POLITICS
12/12/2018 03:55 pm ET Updated Dec 12, 2018

New Farm Bill Won't Save Small Farmers

Bigger farms increasingly dominate American agriculture, and they get the most subsidies too.

WASHINGTON ― The so-called farm bill that Congress passed this week will mostly benefit big farms, and Sen. Chuck Grassley is mad about it.

“You’re subsidizing big farmers getting bigger, where the purpose of the farm program is to protect the family farmer and the people who can’t protect themselves, and that’s the medium- and midsized farmer,” Grassley (R-Iowa) told HuffPost on Tuesday.

The farm bill reauthorizes federal programs that dole out about $17 billion annually to help farmers, including some $13 billion to cover price fluctuations and revenue loss. (The legislation also reauthorizes the Supplemental Nutrition Assistance Program.) Though the vast majority of farms in the United States are small family operations ― and smaller farmers are sometimes praised by the farm bill’s proponents ― the big ones get most of that money.

The top 10 percent of farm payment recipients received 62 percent of the funds in 2016, according to the Environmental Working Group, a nonprofit that advocates for changes to farm programs.

“Most of the rhetoric around the farm bill is to make sure iconic family farms survive,” the group’s Craig Cox said, “but the way the subsidies are distributed accomplished the opposite.”

Grassley was one of only 13 senators to vote against the farm bill, which passed the Senate on Tuesday and the House Wednesday with large bipartisan majorities. The legislation sets policy for the next five years with only modest changes to the federal agriculture safety net.

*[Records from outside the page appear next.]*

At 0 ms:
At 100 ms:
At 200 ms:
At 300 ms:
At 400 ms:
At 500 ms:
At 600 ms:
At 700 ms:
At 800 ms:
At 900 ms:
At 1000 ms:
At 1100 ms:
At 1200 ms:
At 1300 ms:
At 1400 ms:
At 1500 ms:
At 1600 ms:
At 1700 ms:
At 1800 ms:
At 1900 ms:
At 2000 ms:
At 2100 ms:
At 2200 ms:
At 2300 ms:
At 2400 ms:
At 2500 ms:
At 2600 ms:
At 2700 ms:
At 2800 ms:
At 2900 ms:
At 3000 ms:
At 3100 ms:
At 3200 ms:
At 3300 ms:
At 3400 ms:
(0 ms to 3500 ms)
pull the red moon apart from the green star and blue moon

Current law disallows payments to farmers with annual incomes above $900,000, or $1.8 million for a married couple. Grassley had sought to lower the limit to $700,000, but the final version of the legislation omitted his proposal. And the bill included a House provision that would allow more farm family members to qualify for subsidies, which are capped at $125,000 per person annually.

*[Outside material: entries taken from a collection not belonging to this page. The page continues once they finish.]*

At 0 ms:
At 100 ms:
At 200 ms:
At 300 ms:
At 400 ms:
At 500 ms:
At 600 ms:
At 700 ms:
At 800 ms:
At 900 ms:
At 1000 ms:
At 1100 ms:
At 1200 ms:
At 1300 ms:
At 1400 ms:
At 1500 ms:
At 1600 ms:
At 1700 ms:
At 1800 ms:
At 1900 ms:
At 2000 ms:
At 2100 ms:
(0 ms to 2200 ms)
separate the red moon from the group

“When you start including nephews and nieces to be in a farm operation, that’s how you get bigger farms. It’s the subsidization that comes through people getting millions of dollars [from farm programs],” Grassley said.

There’s no doubt that farms are getting bigger. In 1987, midsize farms that had 100 to 999 acres controlled 57 percent of the cropland in the U.S, according to the Department of Agriculture, while farms with more than 2,000 acres operated only 15 percent. By 2012, the percentage of cropland operated by bigger farms more than doubled, while the midsize share fell to a third of the total.

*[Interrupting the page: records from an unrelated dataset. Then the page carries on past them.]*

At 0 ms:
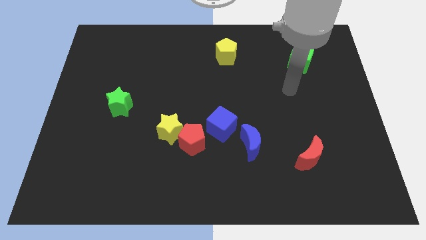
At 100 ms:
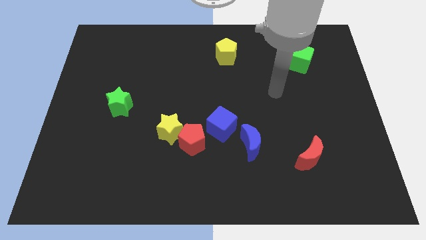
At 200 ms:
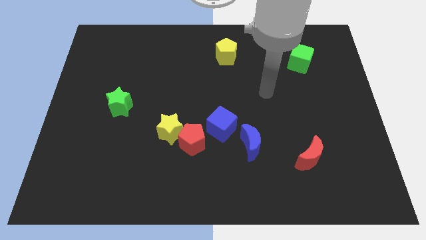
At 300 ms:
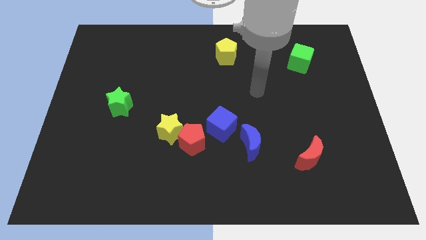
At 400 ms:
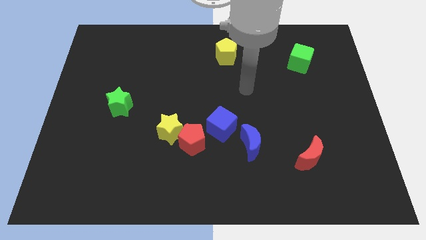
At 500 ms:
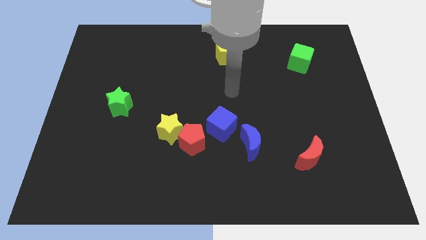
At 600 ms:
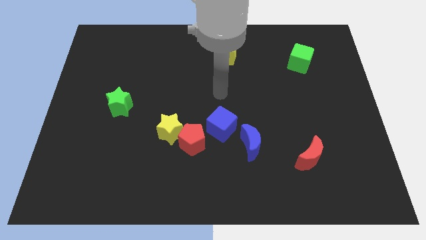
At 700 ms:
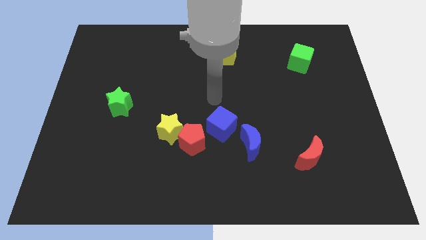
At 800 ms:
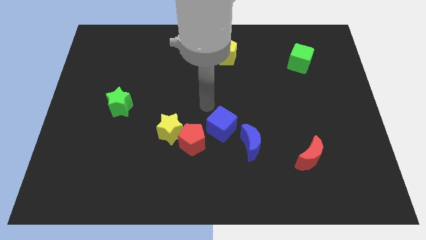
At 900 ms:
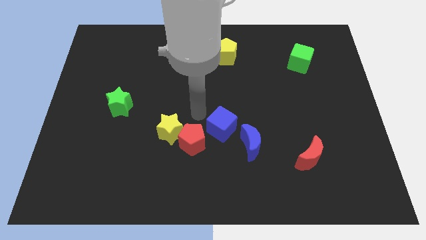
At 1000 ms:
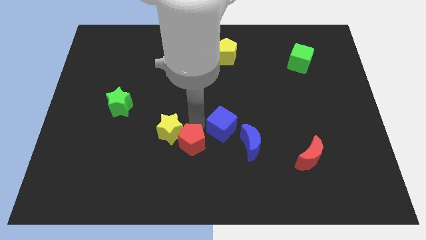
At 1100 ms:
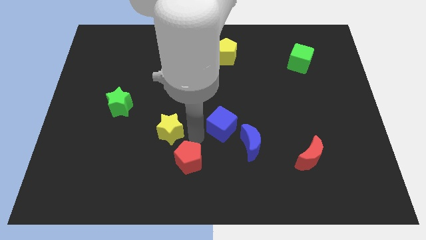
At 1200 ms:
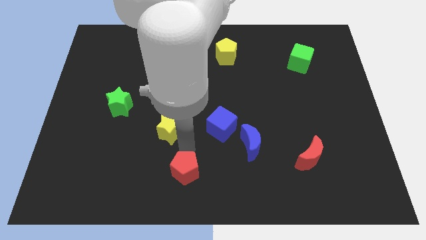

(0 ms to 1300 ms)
separate the yellow star from the red pentagon

Federal subsidies are probably not the primary culprit. A March USDA report noted that crop payments mainly cover field crops but that consolidation has also occurred in livestock and specialty crops.

Another reason for farm consolidation is that the companies that sell farmers seeds and buy their crops have themselves consolidated.

“Because the processing, transport and distribution networks are so concentrated, farmers face lower prices for their goods,” said Austin Frerick, a fellow with the Open Markets Institute, a think tank that advocates against corporate monopoly power.

He noted that in the 1980s, farmers got 37 cents of every dollar consumers spent on food. Nowadays, according to USDA data, farmers get less than 15 cents of every food dollar.

“This drives farms to survive on volume, creating a system where only the largest farms can eke out a living, pushing out most midsized operations,” he said.  

If the federal government wanted to help farmers, then, it could start by stopping mergers between giant companies ― like the one between Bayer and Monsanto this year that the Justice Department approved. Bayer will now control 37 percent of the corn seed market, according to Open Markets. DowDupont, the product of a merger approved last year, controls an additional 41 percent. 

Sen. Amy Klobuchar (D-Minn.) said Grassley’s payment limits would have helped, but the problem of corporate concentration in agriculture is too big for the farm bill. She said she planned to reintroduce legislation next year that would make it easier for antitrust regulators to prevent mergers. She said she hoped to get a Republican co-sponsor.

“You can’t do antitrust in the farm bill,” she said. “It’s complicated enough.”

The farm bill is mainly designed to make sure that farmers can grow food, said Rep. Frank Lucas (R-Okla.), a former House Agriculture Committee chairman. He suggested that if Congress wanted to keep farms small, it would have to outlaw high-tech tractors and other advances that especially benefit firms with lots of capital. 

“The bottom line has never been using the farm bill to decide which crop you should raise or what size farm you should be,” Lucas said.

Igor Bobic contributed reporting.

This story has been updated to reflect the House passing the farm bill.